Methods : An anonymized electronic survey was offered to 115 physicians at 39 retinoblastoma centers worldwide asking about treatment patterns and classification schemes used between 2008-2012.

Results : The survey was completed by 29.5% of centers dispersed through Asia, Africa, Middle East, Europe, US, and Latin America. 1807 D eyes were diagnosed. Regarding ICRB system, 27.6% of centers used the Children’s Hospital of Los Angeles version, 34.5% used the Children's Oncology Group version, 24.1% used the Philadelphia version, and 13.8% were unsure which version they used. The rate for primary enucleation varied between 0 and 100%. By continent, the primary enucleation rates were: South America, 57.7%; Asia, 40.4%; Europe, 36.0%; US, 8.4%; and Middle East, 8.3% as shown in Figure 1. 26% of centers did not primarily enucleate any eye and 26% of centers primarily enucleated greater than 50% of eyes. Patient survival ranged from 0% to 100% following primary enucleation and 31.2% to 100% following globe-salvaging strategies, with summative data demonstrated in Figure 2.

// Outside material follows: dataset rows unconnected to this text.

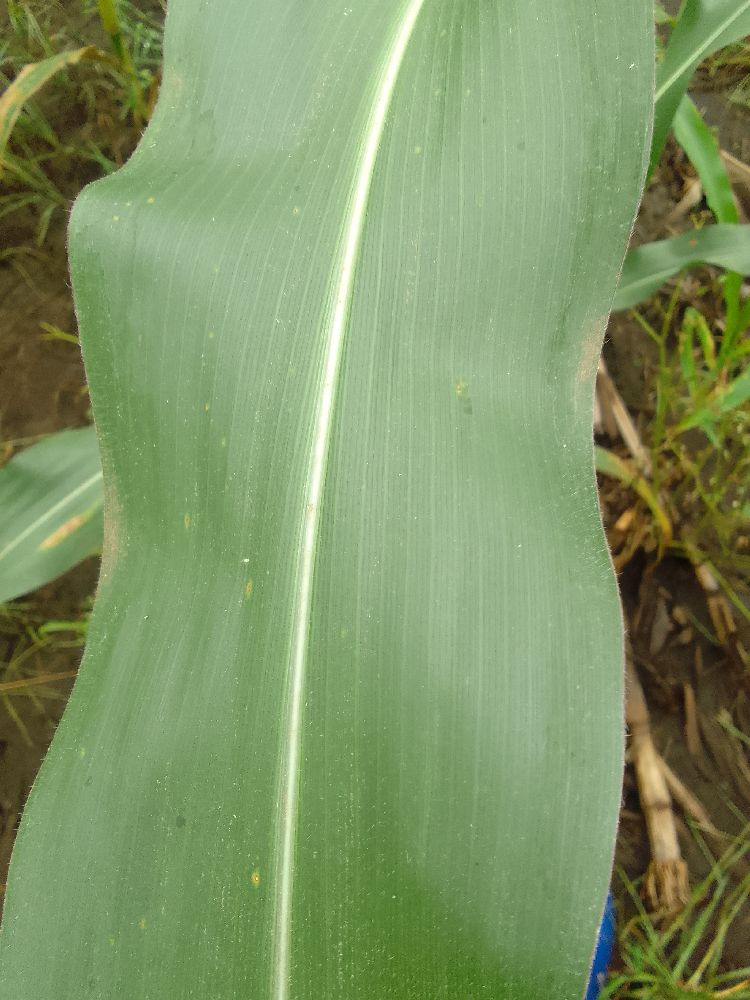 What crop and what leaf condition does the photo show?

maize, healthy
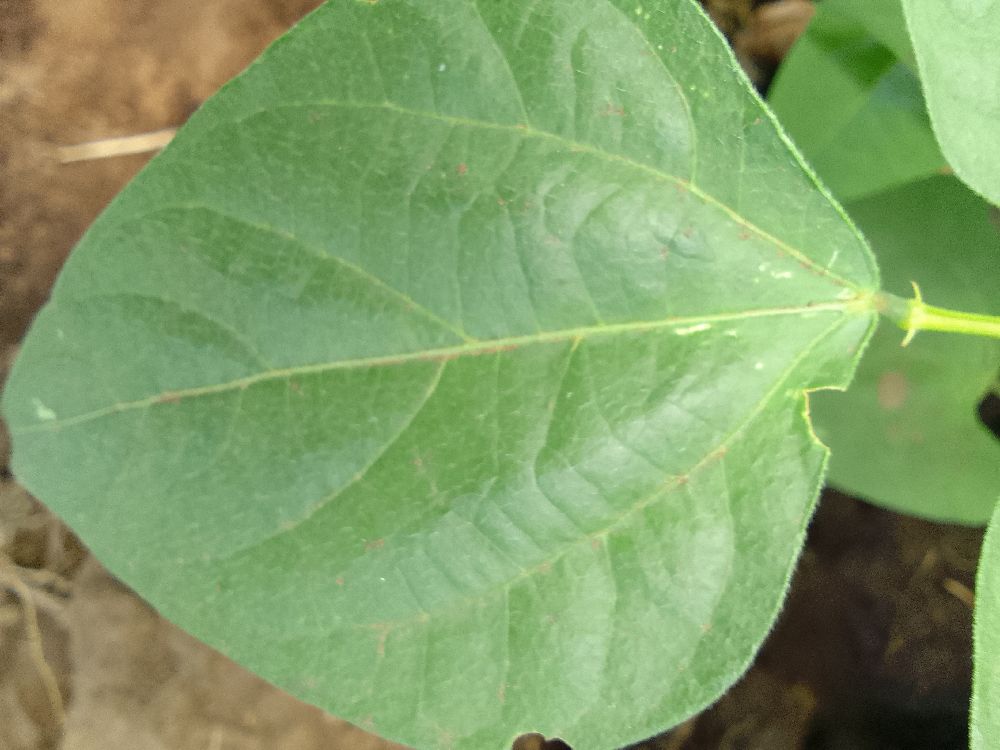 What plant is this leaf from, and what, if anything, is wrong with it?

common bean, healthy
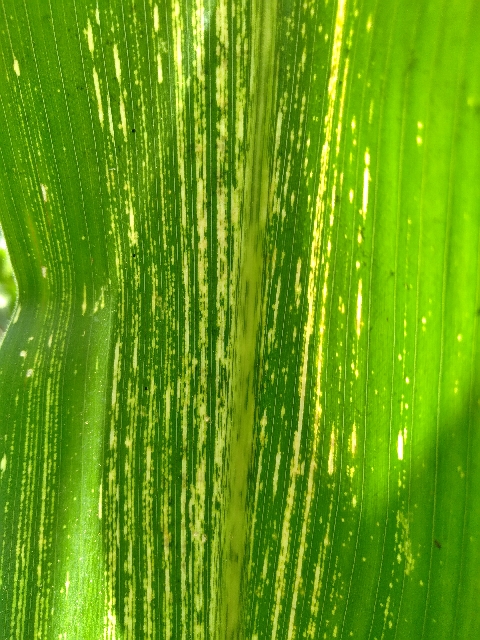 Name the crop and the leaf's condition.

maize, maize streak virus
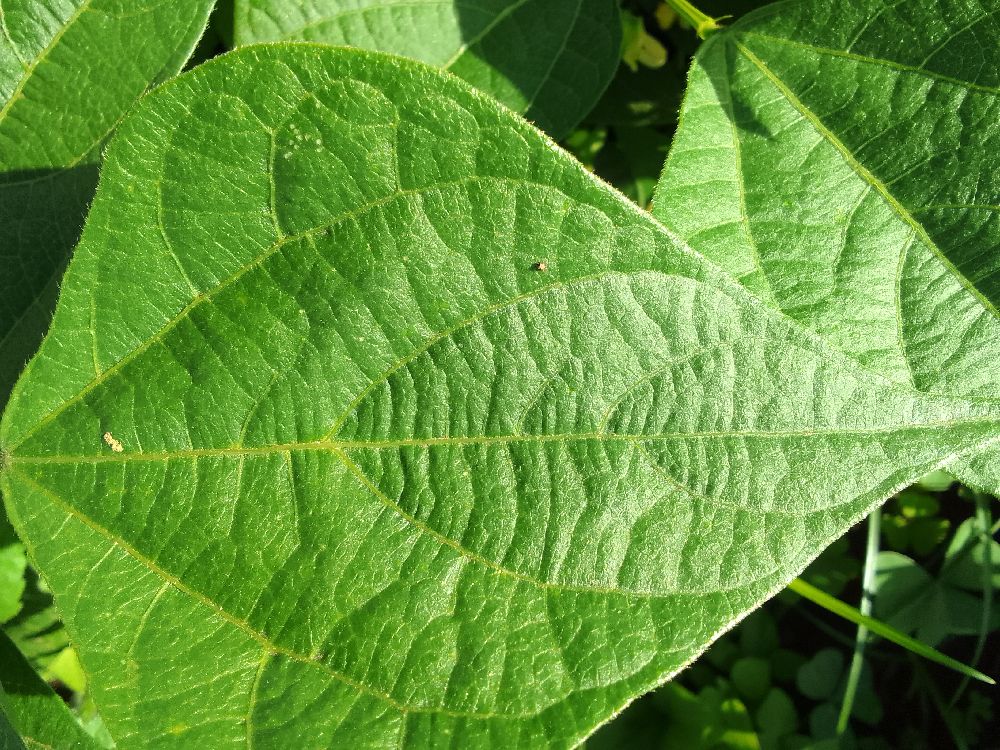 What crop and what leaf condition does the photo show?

common bean, healthy
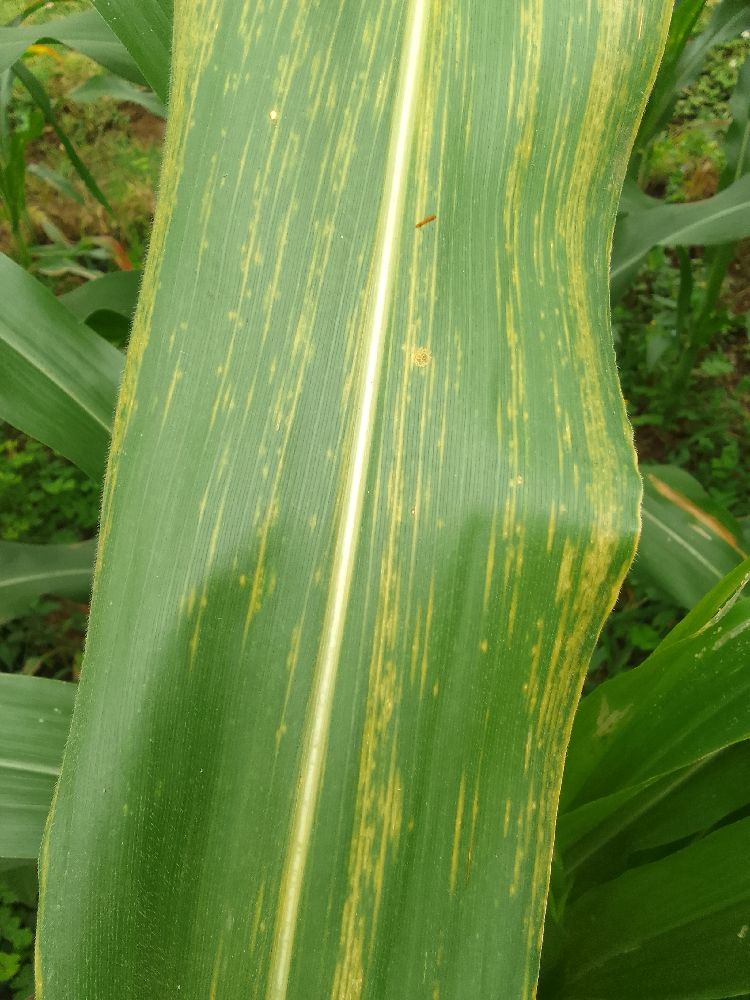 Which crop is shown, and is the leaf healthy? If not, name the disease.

maize, maize lethal necrosis
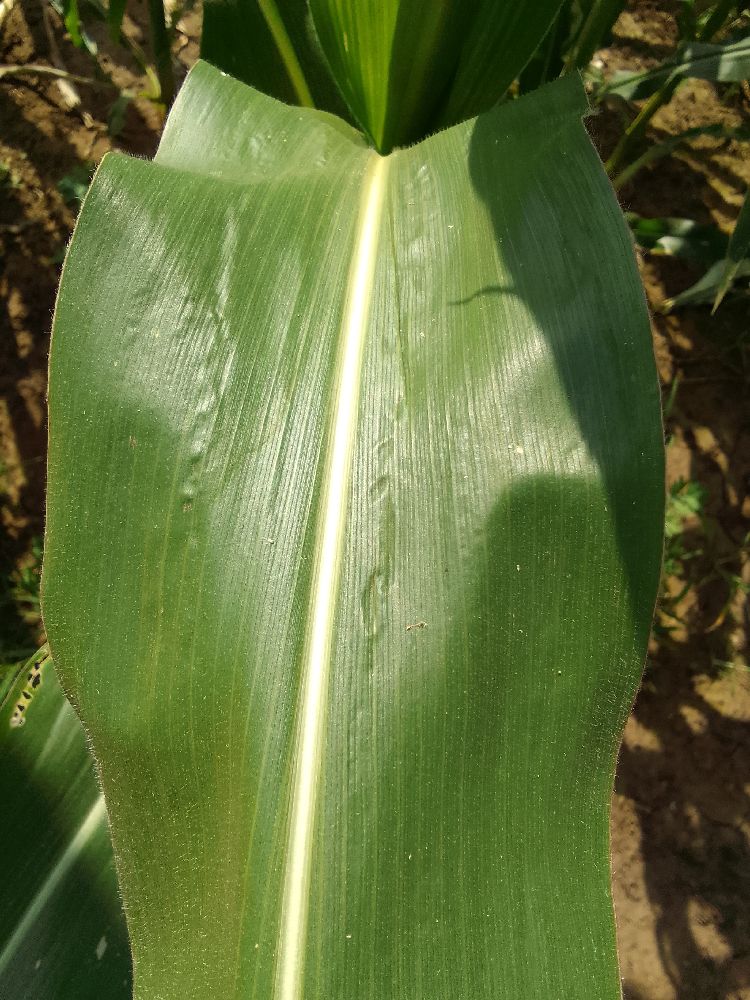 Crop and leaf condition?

maize, healthy

Conclusions : The above results suggest there is no consensus on which ICRB version is used to classify group D eyes worldwide. Regarding treatment, the primary enucleation rate varied greatly across centers, particularly by continent. Systemic chemoreduction, however, was the most frequently used initial treatment for group D eyes treated between 2008 and 2012. Survival was greatest in patients treated with either bridging chemotherapy plus intra-arterial chemotherapy followed by intra-arterial chemotherapy alone.

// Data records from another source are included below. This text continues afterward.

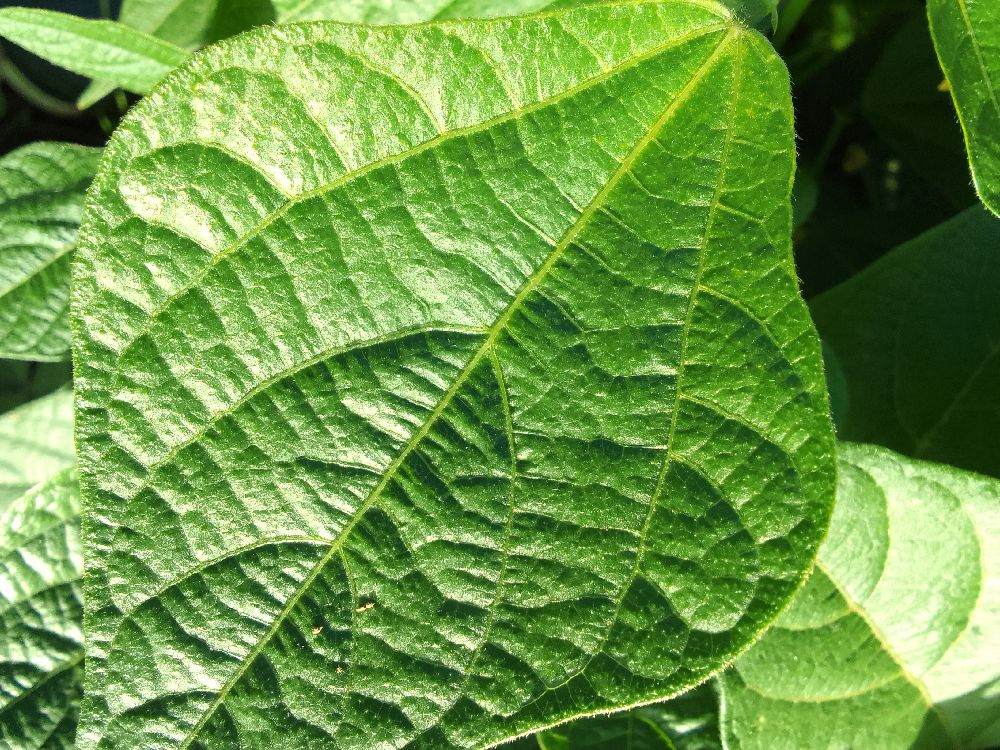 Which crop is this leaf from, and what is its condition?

common bean, healthy
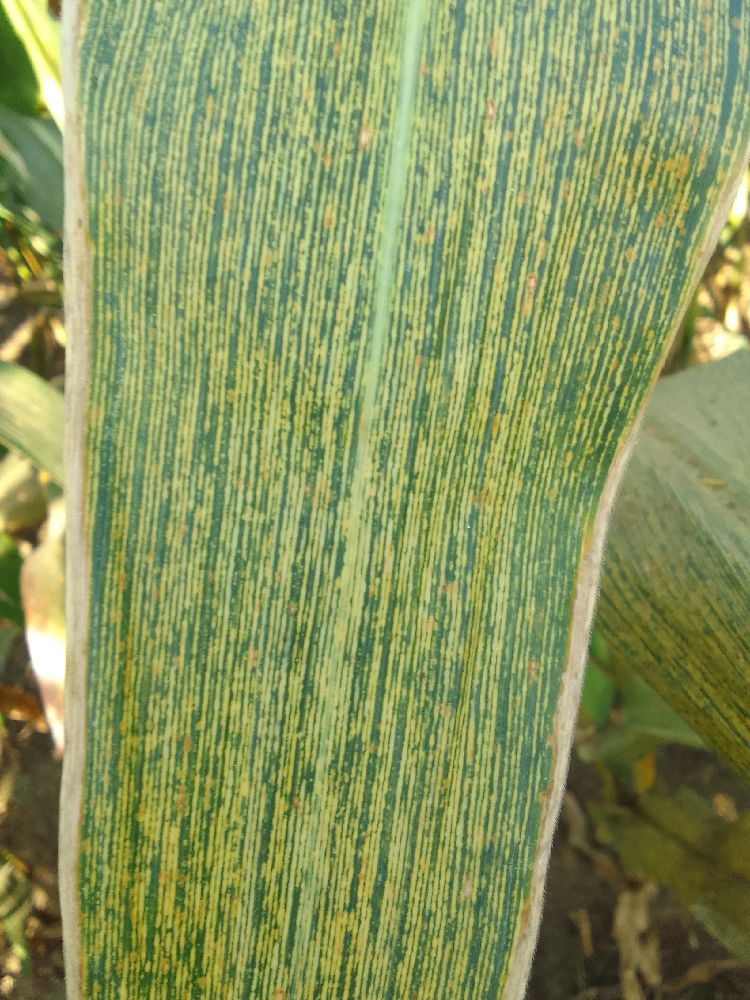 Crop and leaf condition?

maize, maize streak virus
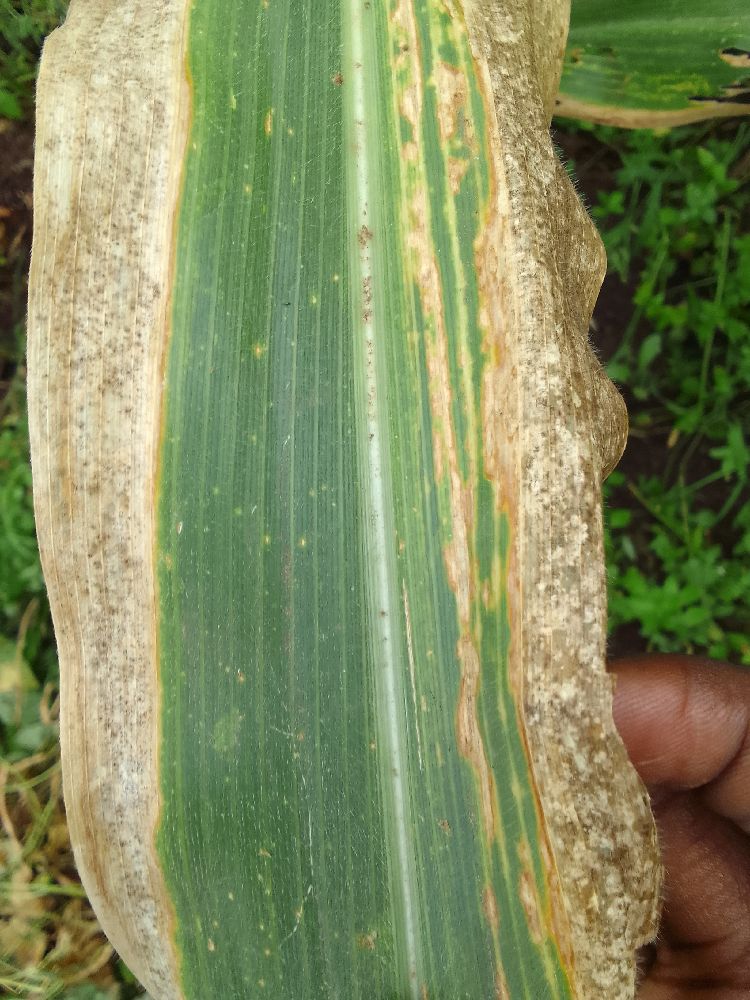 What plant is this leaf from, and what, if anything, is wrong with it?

maize, maize lethal necrosis
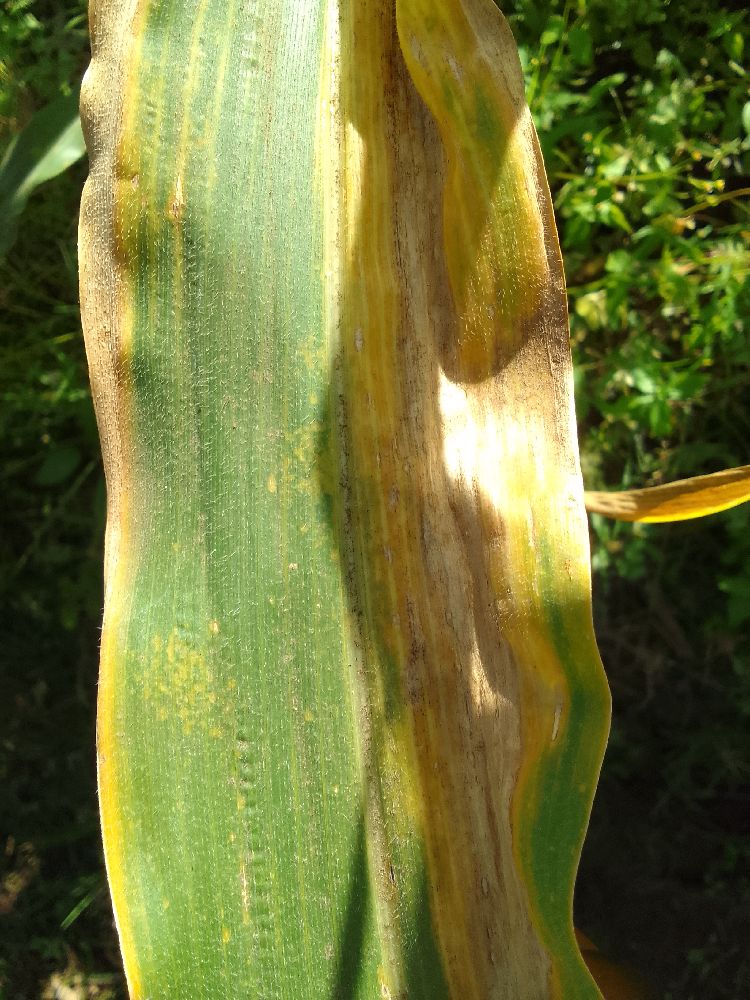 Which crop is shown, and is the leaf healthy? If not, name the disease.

This is an abstract that was submitted for the 2016 ARVO Annual Meeting, held in Seattle, Wash., May 1-5, 2016.

 

Figure 1. AFR=Africa, EUR=Europe, ME=Middle East, LA=Latin America.

Figure 1. AFR=Africa, EUR=Europe, ME=Middle East, LA=Latin America.

 

Figure 2. *Based on mortality from metastatic disease, complications of treatment, or secondary cancer.

Figure 2. *Based on mortality from metastatic disease, complications of treatment, or secondary cancer.